A recent survey by the firm of 318 top financial officials at U.S. companies found that more than 60% wanted to keep their existing tax breaks unless the corporate tax rate was reduced to at least 25%. But 17% said they preferred to keep their tax breaks no matter how much the rate was cut.
Rep. Charles Rangel (D-N.Y.) said that companies facing a big financial hit would make it difficult to overhaul the corporate code.
“Somebody’s got to pay to make this revenue-neutral,” he said. “Somebody getting unfair tax breaks is going to lose them.”
Neither the White House nor congressional Republicans have said which tax breaks they want to eliminate. And while House Republicans want to reduce the corporate tax rate to 25%, Treasury Secretary Timothy F. Geithner has said the administration would like a rate in the “high 20s.”
Some liberals have advocated using savings from eliminating tax breaks and loopholes to reduce the deficit instead of lowering the corporate rate. But Ways and Means Committee Chairman Dave Camp (R-Mich.) said he opposed that.
“Tax reform cannot and should not be confused with increasing taxes. It must be done in a revenue-neutral manner,” he said.
At Thursday’s hearing, the corporate executives said the 35% corporate tax rate made it difficult to compete with foreign companies. The combined U.S. federal and local corporate tax rate this year — at 39.2% — was second only to Japan’s 39.5% among the 34 industrialized nations in the Organization for Economic Cooperation and Development.
But including all U.S. tax breaks, the average effective rate for large companies was 27.7% from 2006 through 2009, according to a recent study by PricewaterhouseCoopers for Business Roundtable. That rate still was the fourth highest among Organization for Economic Cooperation and Development nations.
“We do not need the world’s lowest rate to compete, but our increasingly disparate rate is putting us at a disadvantage,” said Judy L. Brown, Perrigo’s chief financial officer.
But Rep.

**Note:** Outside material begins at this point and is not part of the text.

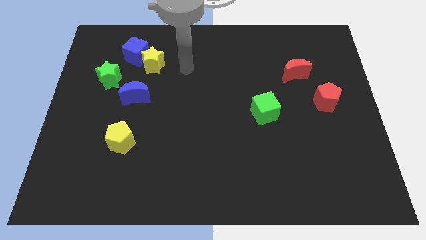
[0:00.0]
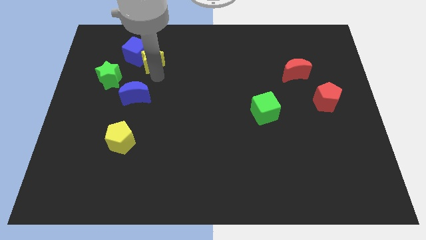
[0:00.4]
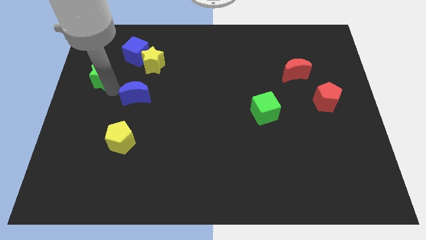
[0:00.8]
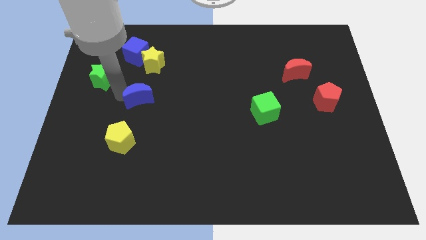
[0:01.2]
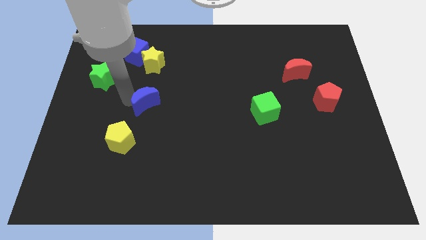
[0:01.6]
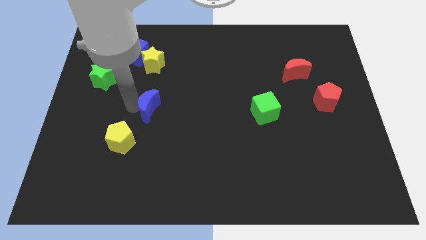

Jim McDermott (D-Wash.) questioned whether reducing the corporate tax rate would create jobs or just more profits.
“If we lower the tax rate to 25%, will you stop laying off people in the United States?” he asked Galvin, whose company reported eliminating about 20,000 jobs in 2009.
Galvin said that if the economy grows, the company would grow. And a fairer tax code, he said, would make U.S. companies more competitive with those in other nations that have been reducing their rates to lure business.
“We need to wake up and join them if we want the U.S. to stay competitive,” he said.